When the Civil War ended in 1865, many soldiers on both sides were stranded after hearing that the war had ended. The army stopped supplying food immediately and many died from exhaustion and hunger. Those that did find their way home did not return to the home they once knew. Entire cities were destroyed, farm and plantations were in disrepair. The Confederate currency was now worthless and entire family fortunes were wiped out. Having just been released from northern prisons, Confederate soldiers found themselves homeless and without money or transportation for their trip home and had to resort to any means necessary to survive. A few of these young men appealed to General Grant for financial help. Government money being in short supply, Grant contacted friends and family members and was able to help these few. It would be a long road home to recovery.
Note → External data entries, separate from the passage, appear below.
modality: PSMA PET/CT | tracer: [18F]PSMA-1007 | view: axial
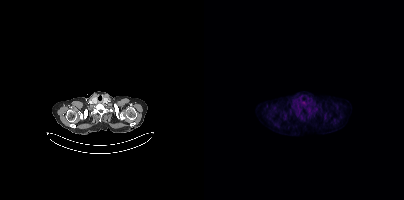
This slice has no annotated PSMA-avid lesion.
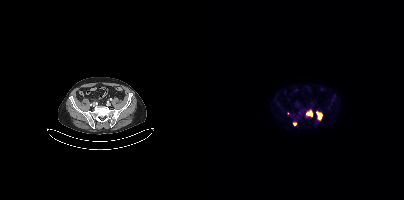
Paired axial CT (left) and PSMA PET (right), [18F]PSMA-1007 tracer. Acquired on Siemens Biograph mCT Flow 20. Coordinates are on the 200×200 PET (right) panel. PSMA-avid tumor lesion bounding boxes (x0, y0)-(x1, y1): (113, 112)-(117, 120); (103, 110)-(108, 115). Small PSMA-avid focus (2 to 4 px across) near (center x, center y): (90, 124).
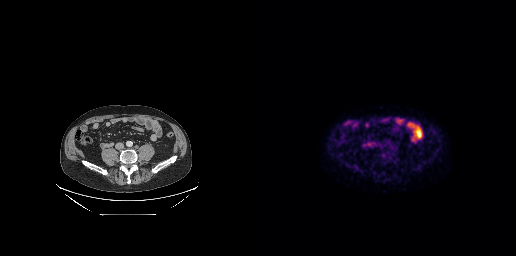
Negative for PSMA-avid disease on this slice. Paired axial CT (left) and PSMA PET (right), 18F tracer. Acquired on GE Discovery 690. Slice 106 of 263.
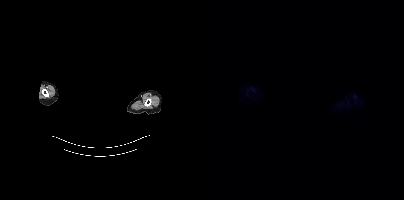
Paired axial CT (left) and PSMA PET (right), 18F tracer. Slice 426 of 444. Face de-identified by blanking a block of the head. No PSMA-avid tumor lesions on this slice.
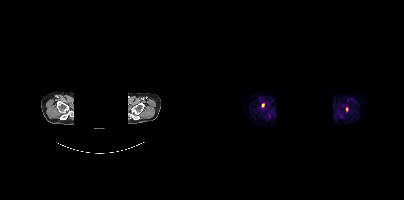
Coordinates are on the 200×200 PET (right) panel. Small PSMA-avid foci (2 to 4 px across) near (center x, center y): (143, 109) (59, 105).
Head region blanked for anonymization (face removed).
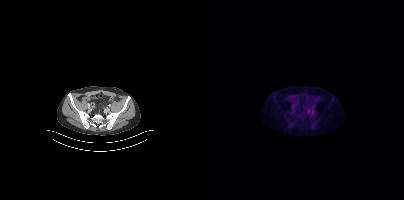
Technique: Paired axial CT (left) and PSMA PET (right), [18F]PSMA-1007 tracer. PET panel 200×200 px (4.1 mm/px).
Findings: Only PSMA-avid lesion pieces thinner than 2 px on this slice (not listed).

This would also be a fantastic quilt to do for a soldier you know (or don’t know) who today fight for our freedom and liberty. Our soldiers who voluntarily leave home. Miss family holidays. Miss the births of their children. Miss the last days with parents who pass in their absence. Miss the comforts of their own beds and food they are familiar with. Well, you get the idea. Our soldiers make tremendous sacrifices and they don’t always return the same men and women as when they left. If not a quilt, I think maybe they would appreciate a prayer or two sent their way.
Wherever your road takes you today, I hope it is full of happiness and few stitches.